The problem with deciding to conceive another baby is that it's rare for both people to be at the same place emotionally at the same time. It has not yet happened before to me. But one person does not really have the right to decide whether the other person should become a parent again. Looking at my friends' relationships, I think it takes one partner to be very laid back about the whole thing and leave the decision up to the other. In my experience it's usually the woman who decides when the family will be added to, or it's an accident. Genuine accidents seem like a real gift from my current position. Gone are the weeks and months of negotiating, wrangling and pleading. Genuine accidents must be quite rare, though - an accident implies that one partner was rather relaxed with contraception. Which Papa will never be.

I sometimes struggle not to be angry with him, because his veto is taking away my choice. I long to hold another of my babies in my arms. But I also appreciate his responsibility, and I love him. I don't want to have babies with anyone else. I feel out of control, and that is never a pleasant experience. But, ironically, I love him all the more for being sensible, and committed enough to me and the children to ensure that we are properly looked after.

Papa is not a bad man. If he could give me my heart's desire then he would. It's just not at any price.

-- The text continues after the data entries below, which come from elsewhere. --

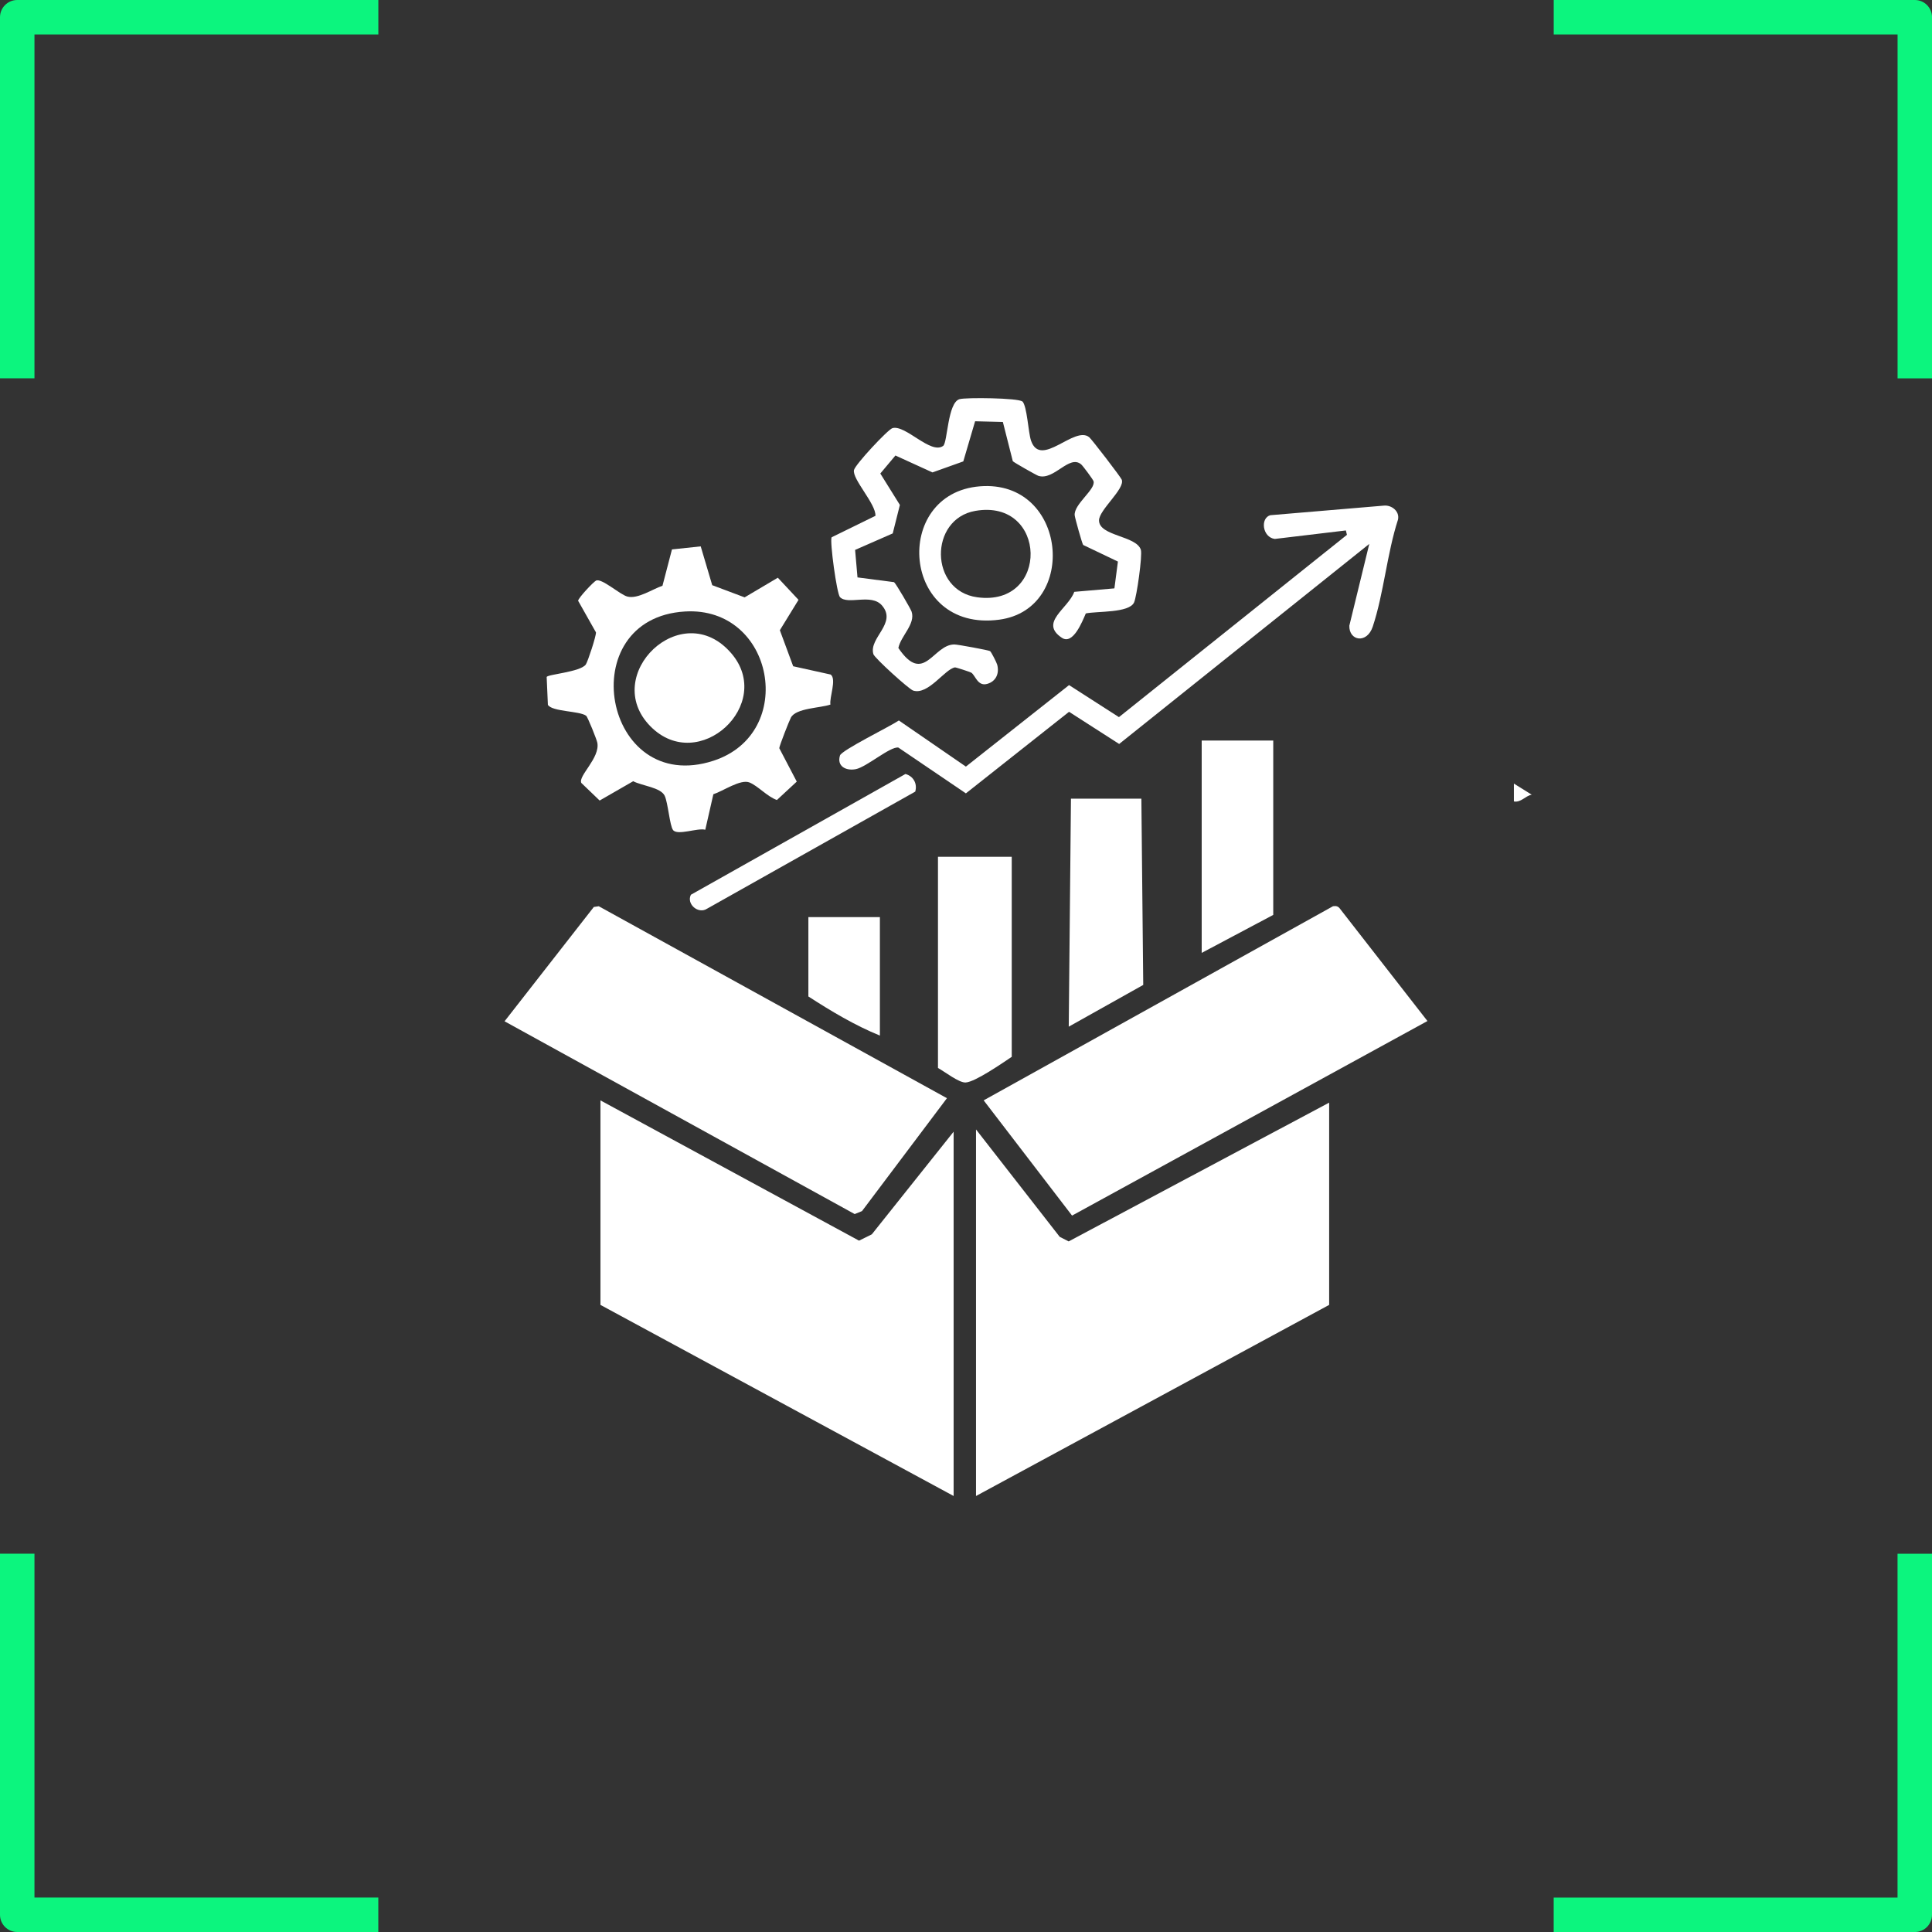 <?xml version="1.0" encoding="UTF-8"?>
<svg id="Layer_2" xmlns="http://www.w3.org/2000/svg" version="1.1" viewBox="0 0 507.32 507.33">
  <rect x="0" y="0" width="507.32" height="507.33" fill="#333333" stroke="none"/>
  <!-- Generator: Adobe Illustrator 29.8.1, SVG Export Plug-In . SVG Version: 2.1.1 Build 2)  -->
  <defs>
    <style>
      .st0 {
        fill: #0cf57e;
      }

      .st1 {
        fill: #fff;
      }
    </style>
  </defs>
  <g>
    <path class="st0" d="M9.05,498.28v-90.3H0v94.82c0,2.5,2.03,4.52,4.52,4.52h94.82v-9.05H9.05Z"/>
    <path class="st0" d="M498.28,498.28h-90.3v9.05h94.82c2.5,0,4.52-2.03,4.52-4.52v-94.82h-9.05v90.3h.01Z"/>
    <path class="st0" d="M9.05,9.05h90.3V0H4.52C2.03,0,0,2.03,0,4.52v94.82h9.05V9.05Z"/>
    <path class="st0" d="M498.28,9.05v90.3h9.05V4.52C507.33,2.02,505.31,0,502.81,0h-94.82v9.05h90.3-.01,0Z"/>
  </g>
  <g>
    <path class="st1" d="M402.21,208.68l-4.68-2.92v4.69c1.88.34,2.97-1.46,4.68-1.77Z"/>
    <polygon class="st1" points="402.22 208.67 402.21 208.68 402.22 208.68 402.22 208.67"/>
    <g>
      <path class="st1" d="M268.46,105.38c1.26,1.29,1.54,8.2,2.28,10.34,2.56,7.37,11.43-4.09,15.29-.9.64.53,8.31,10.49,8.54,11.16.84,2.42-5.96,7.89-5.98,10.66-.03,4.16,9.86,4,10.99,7.75.43,1.44-1.09,12.32-1.79,13.81-1.31,2.81-9.72,2.25-12.67,2.88-.92,2.13-3.36,8.34-6.28,6.4-6.04-4.01,1.68-7.67,3.25-12.07l10.54-.91.92-7.04-9.12-4.36c-.27-.3-2.17-7.12-2.23-7.78-.27-2.92,5.55-6.78,4.95-8.96-.12-.44-2.81-4.06-3.26-4.43-3.15-2.63-7.09,4.29-11.21,3.03-.49-.15-6.5-3.55-6.73-3.86l-2.61-10.3-7.29-.18-3.1,10.54-8.09,2.89-9.73-4.44-3.97,4.73,5.14,8.25-1.88,7.48-9.88,4.33.63,7.22,9.6,1.25c.44.28,4.36,6.98,4.61,7.75,1.06,3.25-2.83,6.36-3.48,9.53,6.72,9.91,9.11-.97,14.73-.92.85,0,8.93,1.49,9.34,1.74.33.21,1.75,3.05,1.88,3.56.61,2.29-.3,4.41-2.65,5.06-2.49.69-3.08-2.27-4.16-2.96-.29-.18-4.04-1.41-4.27-1.38-2.68.44-7,7.33-10.98,6.09-1.09-.34-10.15-8.55-10.45-9.57-1.26-4.3,6.32-8.11,2.25-12.79-2.8-3.23-8.95-.04-11.02-2.18-.83-.85-2.72-14.66-2.2-15.71l11.51-5.64c.18-3.11-6.17-9.68-5.63-12.03.34-1.47,8.93-10.68,10.11-11,3.43-.94,10.06,7.02,13.3,4.67,1.17-.85,1.15-11.33,4.29-12.27,1.67-.5,15.57-.32,16.48.61l.03-.05Z"/>
      <path class="st1" d="M359.57,142.81l-65.69,52.55-13.16-8.45-27.09,21.42-17.73-12.03c-2.14-.34-8.36,5.12-11.17,5.67-2.56.5-5.04-.73-4.16-3.59.43-1.4,13.22-7.65,15.46-9.19l17.6,12.11,27.09-21.4,13.1,8.41,59.87-47.87-.28-1.15-18.67,2.23c-3.27-.45-3.85-5.46-1.18-6.23l29.83-2.52c2.02-.2,4.21,1.48,3.7,3.7-2.87,8.85-3.73,19.37-6.62,28.07-1.54,4.62-6.27,3.74-6.15-.24l5.24-21.49h0Z"/>
      <path class="st1" d="M257.33,127.7c22.94-1.81,25.97,32.23,5.05,35.02-25.74,3.43-28.27-33.19-5.05-35.02ZM256.12,134.15c-12.18,2.11-12.11,20.98.5,22.69,19.07,2.59,18.44-25.97-.5-22.69Z"/>
      <path class="st1" d="M240.33,207.87l-54.66,30.74c-2.3,1.52-5.48-1.21-4.25-3.66l56.34-31.71c2.08.57,3.18,2.53,2.57,4.63Z"/>
      <path class="st1" d="M226.61,402.78"/>
      <path class="st1" d="M264.67,369.53l36.77-20.45,2.54-.16c1.92.56,2.35,4.02.65,5.12l-36.6,20.36-1.95.17c-1.8-.99-2.87-3.32-1.41-5.04h0Z"/>
      <path class="st1" d="M264.64,358.65c-.64-.65-.94-2.69-.65-3.57.61-1.84,29.01-15.87,32.78-18.32,3.1-1.19,5.31,1.31,3.57,4.17-.57.93-3.75,2.57-4.92,3.29-8.84,5.41-18.6,9.38-27.38,14.92-.94.4-2.68.23-3.4-.49h0Z"/>
      <polygon class="st1" points="299.71 209.72 281.22 209.72 280.64 269.59 300.2 258.63 299.71 209.72"/>
      <polygon class="st1" points="334.34 194.46 315.55 194.46 315.55 250.22 334.34 240.24 334.34 194.46"/>
      <polygon class="st1" points="183.99 143.47 184 143.47 184.01 143.47 183.99 143.47"/>
      <path class="st1" d="M281.51,319.2l93.32-51.09-22.87-29.36c-.51-.75-1.04-.92-1.92-.79h0s-91.74,50.98-91.74,50.98l23.21,30.26Z"/>
      <path class="st1" d="M192.03,171.55c-12.98-15.11-34.47,5.77-21.23,19.18,12.67,12.83,32.72-5.81,21.23-19.18Z"/>
      <path class="st1" d="M265.67,224.98h-19.37v55.46c1.75.94,5.52,3.93,7.29,3.81,2.54-.17,9.66-5.12,12.08-6.74v-52.53Z"/>
      <polygon class="st1" points="225.57 325.78 157.67 288.95 157.67 342.65 250.41 392.83 250.41 297.17 228.93 324.12 225.57 325.78"/>
      <polygon class="st1" points="278.27 324.78 256.29 296.58 256.29 392.83 349.02 342.65 349.02 289.54 280.62 325.98 278.27 324.78"/>
      <polygon class="st1" points="226.35 318.02 248.65 288.38 248.65 288.37 157.23 237.97 155.93 238.16 132.49 268.18 224.43 318.8 226.35 318.02"/>
      <path class="st1" d="M212.27,261.66c5.97,3.86,12.19,7.59,18.78,10.27v-31.11h-18.78v20.84Z"/>
      <path class="st1" d="M153.91,187.95c.42.32,2.78,6.23,2.94,7.07.77,4.01-5.11,8.74-4.2,10.57l4.81,4.62,8.81-5.07c2.22,1.19,7.26,1.62,8.28,3.84.87,1.9,1.31,7.8,2.18,8.97,1.16,1.54,6.44-.62,8.47-.07l2.12-9.32c2.56-.83,7.14-4.04,9.49-3.09,2.22.9,4.71,3.75,7.2,4.6l5.21-4.83-4.59-8.77c-.03-.5,2.62-7.24,3.05-8.04,1.34-2.52,7.72-2.49,10.38-3.42-.31-1.87,1.68-6.66.07-7.88l-9.85-2.18-3.5-9.46,4.9-7.98-5.43-5.81-8.72,5.16-8.51-3.2-3.02-10.19-7.55.8-2.49,9.54c-2.64.89-6.51,3.57-9.25,2.83-1.96-.53-6.75-4.9-8.2-4.18-.7.35-4.69,4.58-4.7,5.3l4.68,8.29c.09.91-2.15,7.7-2.66,8.43-1.4,2-10.16,2.59-10.28,3.3l.32,7.3c1.1,1.83,8.36,1.58,10.04,2.87ZM179.88,160.57c23.43-1.39,29.56,31.99,7.47,39.19-28.99,9.45-37.35-37.42-7.47-39.19Z"/>
    </g>
  </g>
</svg>

He does not want to cause an argument or any bad feeling between us, so he listens to and indulges my discussions about you, dear child. He knows my feelings clearly. I wonder whether it'd be easier if he refused to discuss the issue and listen to what I had to say? That would be more disrespectful, and it would make me angry. However, his response would be clear. As it is, he listens patiently, and sometimes interjects with his own hopes and dreams. It could well be that he's taking his time and mulling things over. That's how it worked with David, after all. It took me six months of negotiations before we started trying to conceive a child. But this time? He says no but not never. He rolls his eyes and metaphorically pats me on the head when I talk to him about having another baby. I think he finds it endearing and irritating in equal measure. When - if ever - do I give up?